Помню выступление Марины Цветаевой то в Париже, то в Брюсселе, на улице Конкорд. Зал никогда не ломился от публики, народной любовью Марина Цветаева не пользовалась — но приходили. Она в скромном, затрапезном платье, с жидковатой челкой на лбу, волосы неопределенного цвета, блондинистые, пепельные с проседью, бледное лицо, слегка желтоватое. Серебряные браслеты и перстни на рабочих руках. Глаза зеленые, но не таинственно-зеленые, не поражающие красотой, смотрят вперед, как глаза ночной птицы, ослепленные светом. Так, явно не видящая тех, кто пришел на нее посмотреть или ее послушать, Марина Цветаева читает свои стихи, громко, скандируя слова, подчеркивая ударенья, как бы бросая вызов кому-то, и нисколько не заботясь о том впечатлении, которое она производит. Я не встречала никого, из выступающих перед публикой, более свободного от желания понравиться. Так, утесом стояла Марина Цветаева на своем возвышении, бросая свои заклинания, шла напролом, рубила сплеча, а потом как-то по-мужски кланялась тем, кого продолжала не видеть, погруженная

В себя, в единоличье чувств
Камчатским медведем без льдины…

Как странны упреки, высказываемые при жизни Марины Цветаевой в неестественности ее стиля, ее подбора слов. Она и говорила как писала, как жила, тем же ритмом, ей принадлежащим, т. е. для нее предельно естественным. Высокое косноязычие было ей отпущено, как и Мандельштаму. Я знала заумных поэтов, и русских, и иностранных, но деловые или частные письма они писали вполне понятно, обычным, бытовым языком — а вот каждое письмо Цветаевой, даже наспех набросанное, всегда «цветаевское», никогда не обычное.

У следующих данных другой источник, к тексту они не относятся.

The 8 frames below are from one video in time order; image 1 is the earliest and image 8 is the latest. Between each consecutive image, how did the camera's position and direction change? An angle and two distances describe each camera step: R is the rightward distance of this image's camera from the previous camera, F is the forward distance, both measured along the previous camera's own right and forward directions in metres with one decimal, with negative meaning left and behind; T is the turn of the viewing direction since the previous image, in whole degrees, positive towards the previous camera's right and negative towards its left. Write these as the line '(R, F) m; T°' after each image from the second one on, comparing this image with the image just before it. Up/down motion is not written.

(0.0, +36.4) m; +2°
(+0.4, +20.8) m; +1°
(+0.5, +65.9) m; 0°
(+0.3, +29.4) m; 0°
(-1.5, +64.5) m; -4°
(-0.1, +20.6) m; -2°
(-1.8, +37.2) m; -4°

В частной жизни тоже было у Марины Цветаевой полное отсутствие женского шарма, несмотря на то, что с любовью была знакома, была подвержена ее закону, способна на молниеносные ее радости и трагедии, в которые бросалась опять напролом, не разглядев объекта; в любви или дружбе наделяя простых смертных тем, что хотели видеть в них, то есть, собственной сутью. А кто мог, кто смел жить на ее крутизнах? Может быть одно из самых ярких тому примеров — ее стихотворение «Попытка ревности». С каким, вероятно, облегчением тот, думая о ком она его написала, обратился от вдохновенной Лилит к самой обыкновенной женщине… Позднее ей казалось, что нашла она родственную ей душу в молодом поэте Николае Гронском, трагическая смерть которого была для нее, увы, не последним тяжелым ударом.

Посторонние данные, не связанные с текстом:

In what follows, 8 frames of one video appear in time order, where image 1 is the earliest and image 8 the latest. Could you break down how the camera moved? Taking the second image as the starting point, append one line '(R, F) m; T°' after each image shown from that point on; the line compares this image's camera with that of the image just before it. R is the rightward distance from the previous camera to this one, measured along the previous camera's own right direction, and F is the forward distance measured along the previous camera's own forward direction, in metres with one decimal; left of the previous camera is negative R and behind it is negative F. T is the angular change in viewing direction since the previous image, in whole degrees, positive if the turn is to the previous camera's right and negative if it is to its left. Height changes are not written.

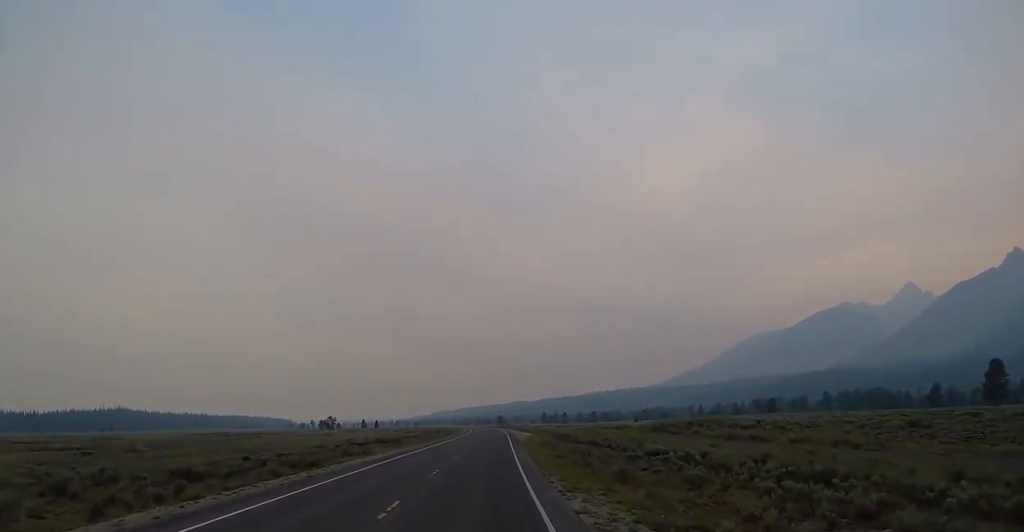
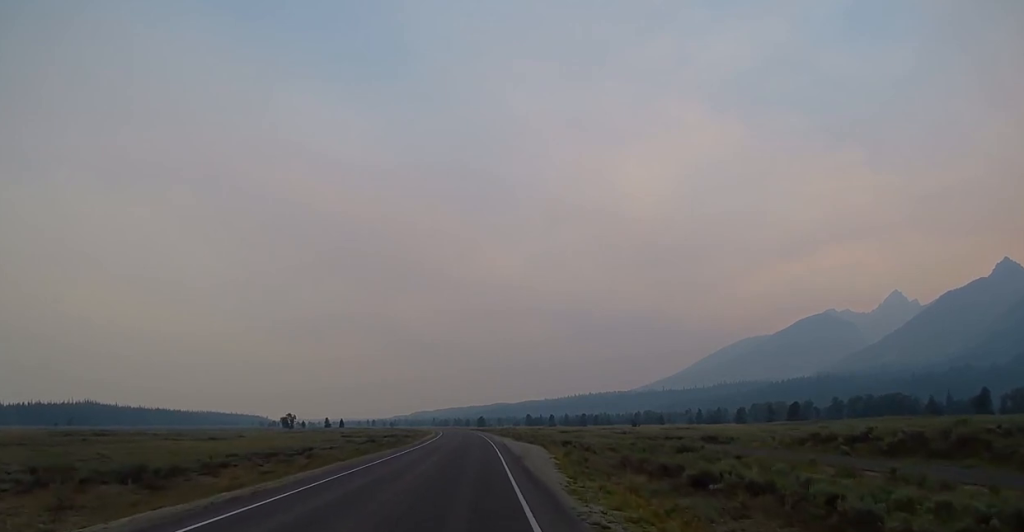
(+1.2, +54.0) m; +2°
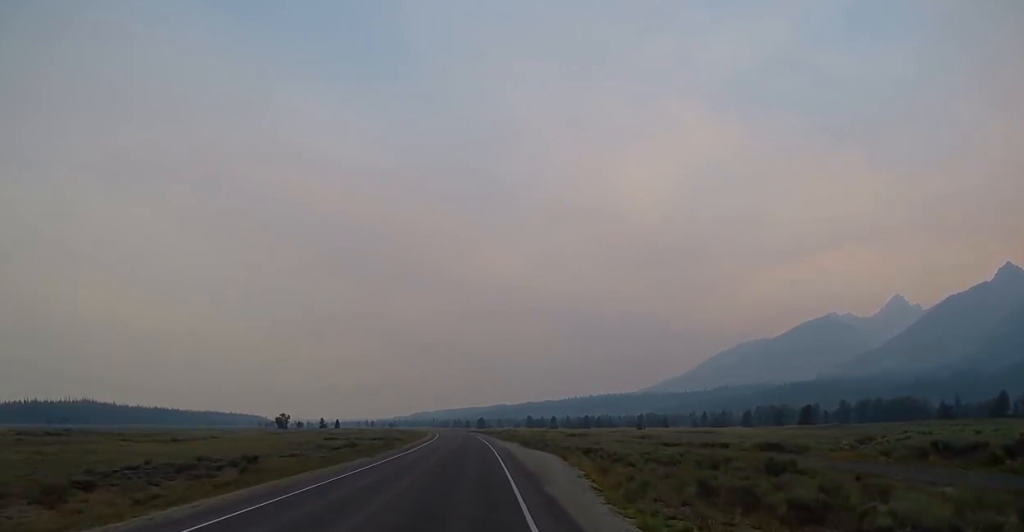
(+0.1, +12.4) m; 0°
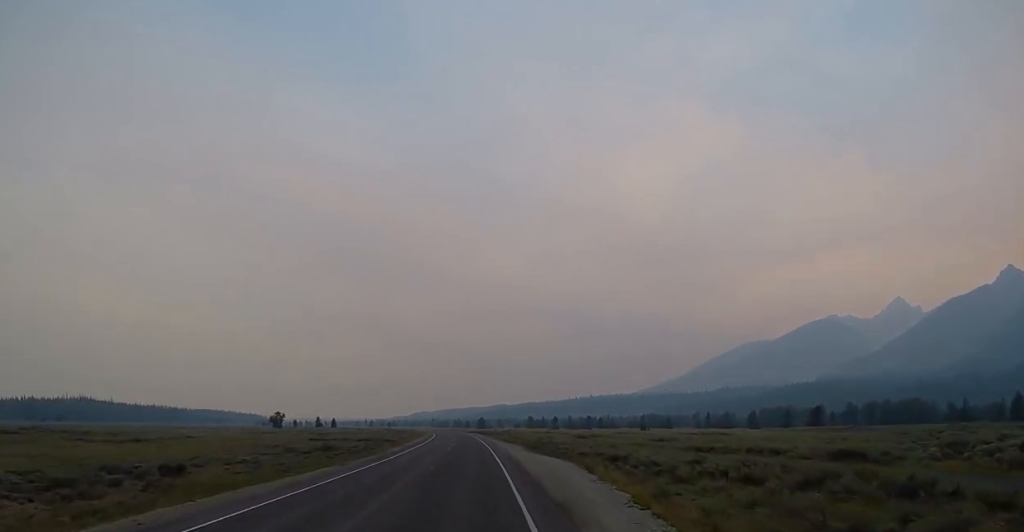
(-0.2, +10.1) m; -1°
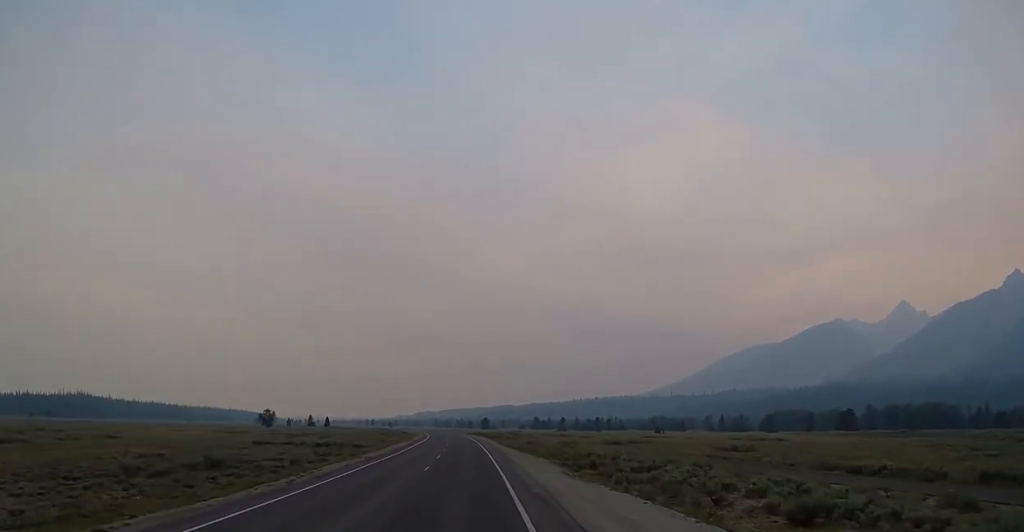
(-0.3, +26.4) m; -1°
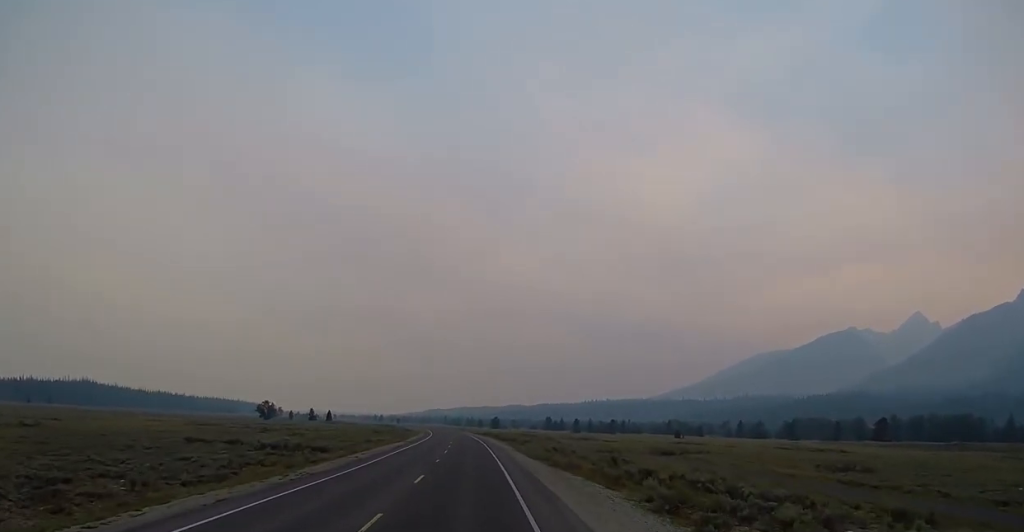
(0.0, +20.1) m; 0°
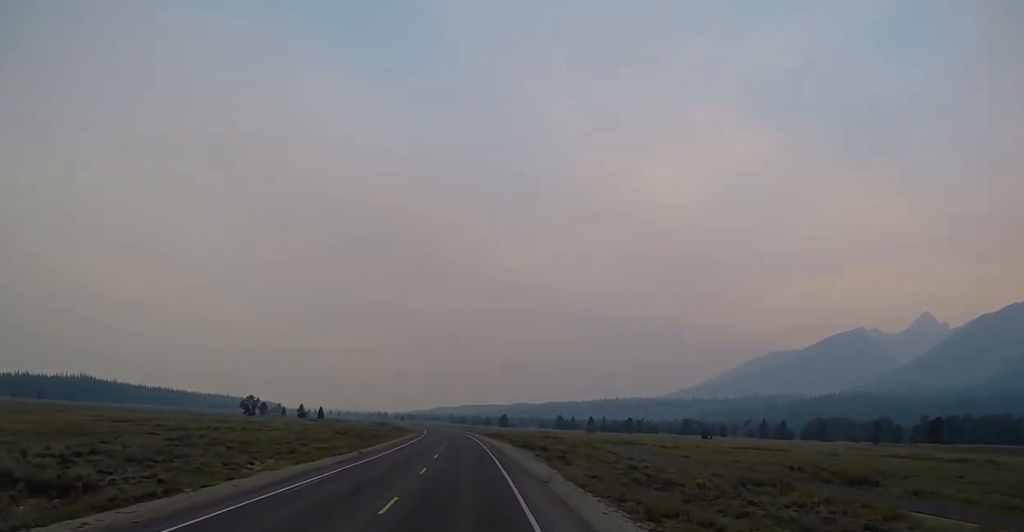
(-0.1, +32.8) m; 0°
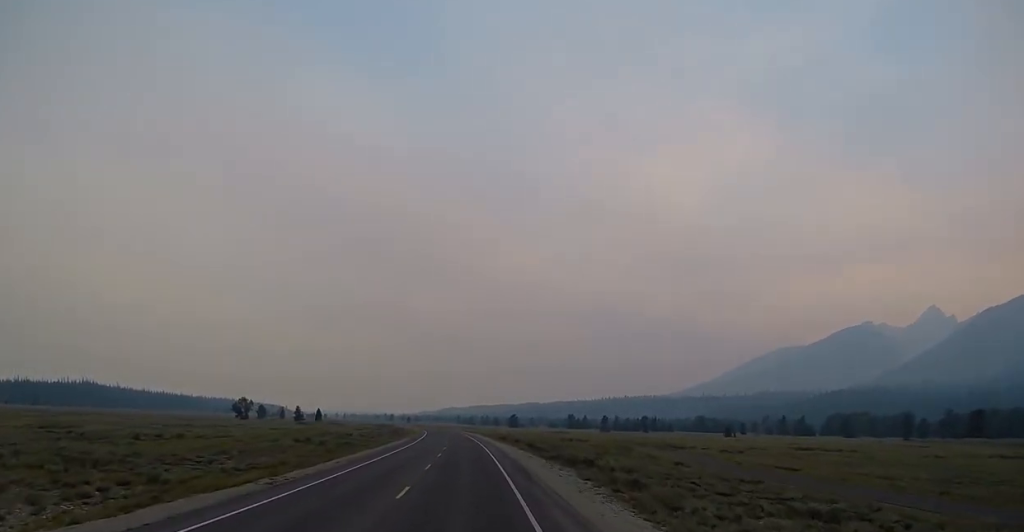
(0.0, +20.3) m; -1°

В ее сношениях с другими трагическим было то, что и в зрелом возрасте она на всякого другого прожектировала свой собственный свет, как влюбленная девушка в стихах у Алексея Толстого:

То жизни луч из сердца ярко бьет
И золотит лаская без разбора
Все, что к нему случайно подойдет…

И вот всегда предлагала, даже навязывала свою дружбу, свою любовь.

Да, как жадно искала она в других (может быть и во мне) того верного, а главное, созвучного друга, своего alter ego и ясно, не находила.

За князем род, за серафимом сонм,
За каждым тысячи таких, как он…

И продолжала трубить, одновременно в безнадежности и в надежде, в Роландов рог:
[1] [2]



Добавить комментарий

  • Обязательные поля обозначены *.

If you have trouble reading the code, click on the code itself to generate a new random code.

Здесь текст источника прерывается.